The findings directly address the research questions. Guanxi between VCs and entrepreneurs facilitates collusion at the exit stage by building trust and implicit reciprocal contracts, which relax monitoring and align incentives for short-term gains. This manifests in higher entrepreneurial self-interest (excess pay and perks), higher VC exit returns, reduced protections for minority shareholders (lower adoption of online and cumulative voting), and elevated operational risk. Introducing equity incentives aligns managerial interests with long-term firm value, mobilizes broader executive oversight, and improves transparency, thereby weakening guanxi’s collusive effects across all dimensions. The results underscore the ethical risks inherent in strong-tie relationships within venture transactions: guanxi can shift moral boundaries toward protecting insiders at outsiders’ expense (unethical pro-relational behavior), with adverse implications for market integrity and firm sustainability. These contributions nuance the predominant emphasis on guanxi’s benefits at the investment stage by highlighting negative consequences at exit and offering governance-based mitigation through equity incentives.
This study demonstrates that guanxi between venture capitalists and entrepreneurs fosters collusive behavior at the exit stage, increasing entrepreneurial self-interest, boosting VC returns, harming minority shareholders, and raising corporate operational risk. Equity incentives significantly mitigate these effects. The work extends theory by: (1) foregrounding interactive VC–entrepreneur dynamics and the negative role of guanxi during exit; (2) introducing unethical pro-relational behavior to explain stakeholder harm; and (3) evidencing equity incentives as an internal governance mechanism to curb collusion. Policy and practice should strengthen detection and deterrence of VC–entrepreneur collusion, and firms should adopt robust governance—especially equity incentives, clearer VC role definitions, and stricter controls on executive compensation and expenditures. Future research should broaden samples beyond listed GEM firms, refine and expand guanxi constructs (including digital ties), examine external governance (media, market, legal environments), and analyze ecosystem-wide interactions among venture participants using larger, cross-country datasets and network methods.

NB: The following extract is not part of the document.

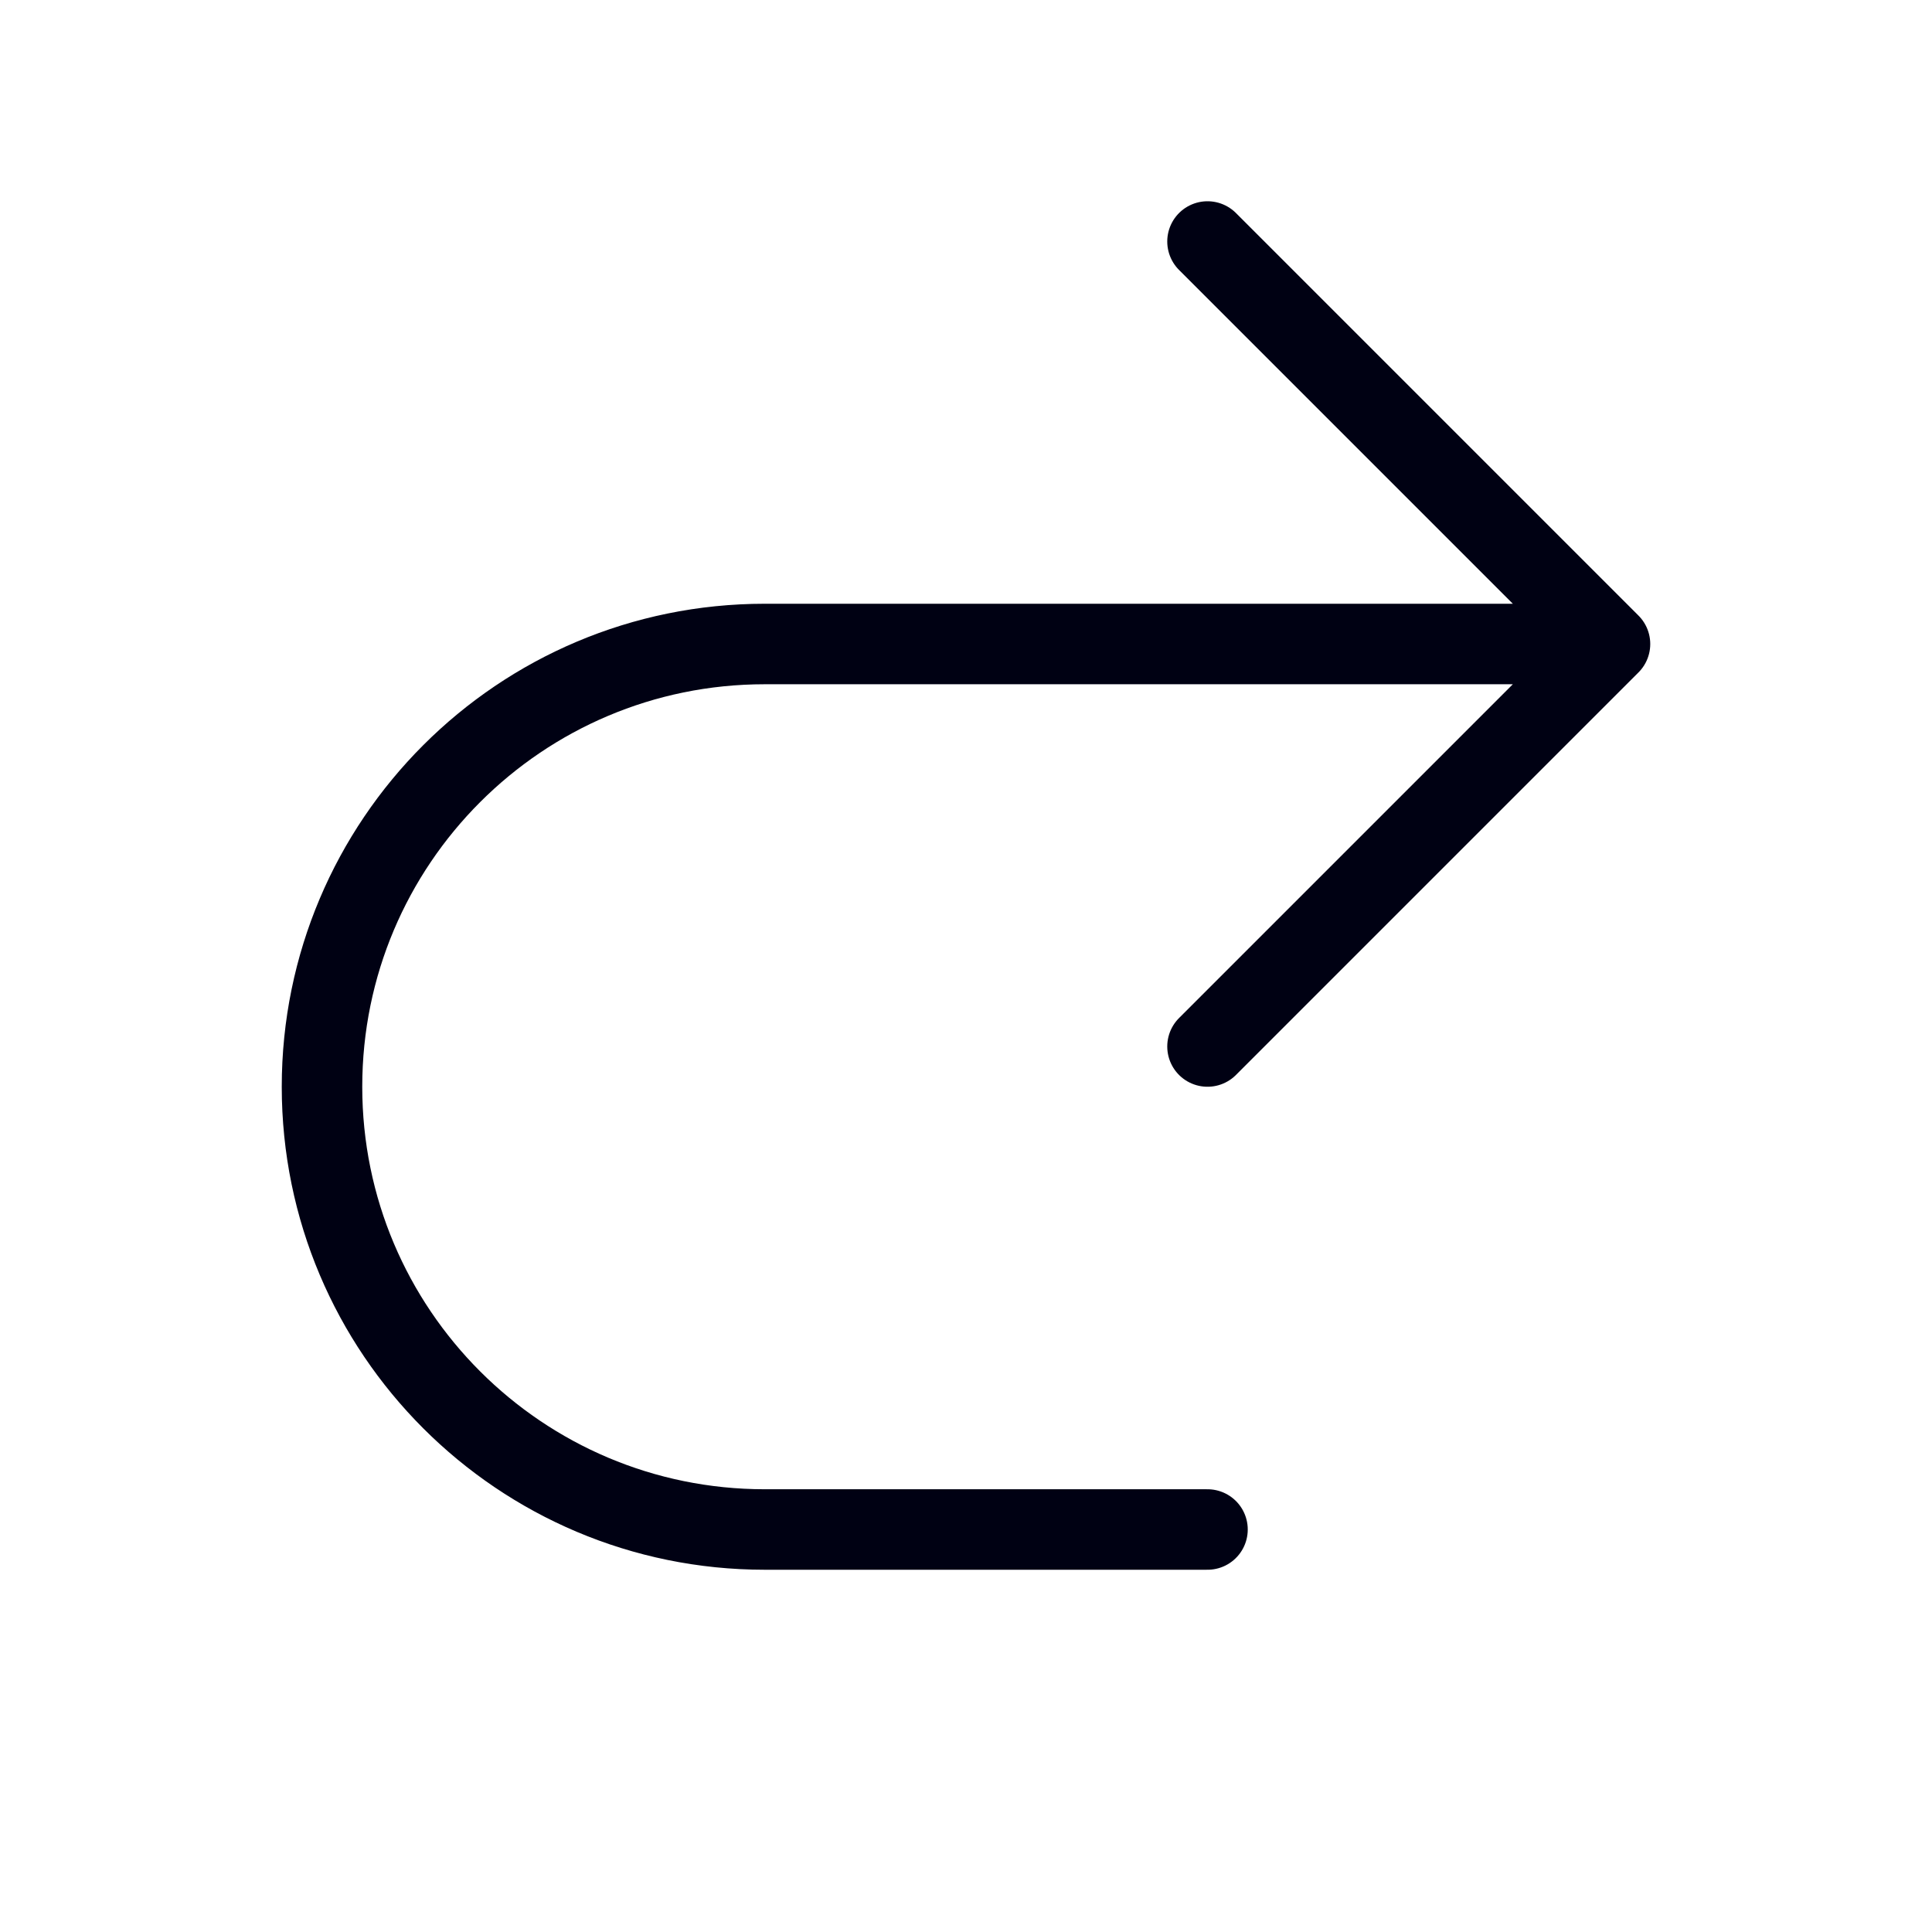 <svg width="24" height="24" viewBox="0 0 24 24" fill="none" xmlns="http://www.w3.org/2000/svg">
<path d="M15 13L20 8M20 8L15 3M20 8L9.5 8C6.462 8 4 10.462 4 13.5V13.5C4 16.538 6.462 19 9.5 19L15 19" stroke="#000113" stroke-linecap="round" stroke-linejoin="round"/>
</svg>

- Sample scope: limited to GEM-listed firms with VC backing; excludes non-listed startups and failures, constraining generalizability.
- Measurement of guanxi: restricted to five relationship types (alumni, colleague, hometown, political, association), potentially omitting digitally mediated or other relational forms.
- External governance not modeled: roles of media oversight, market governance, and legal/regulatory environments left for future work.
- Bilateral focus: emphasizes VC–entrepreneur dyad; broader ecosystem dynamics and multi-actor interactions warrant study; cross-country validation and big-data/network analytics recommended.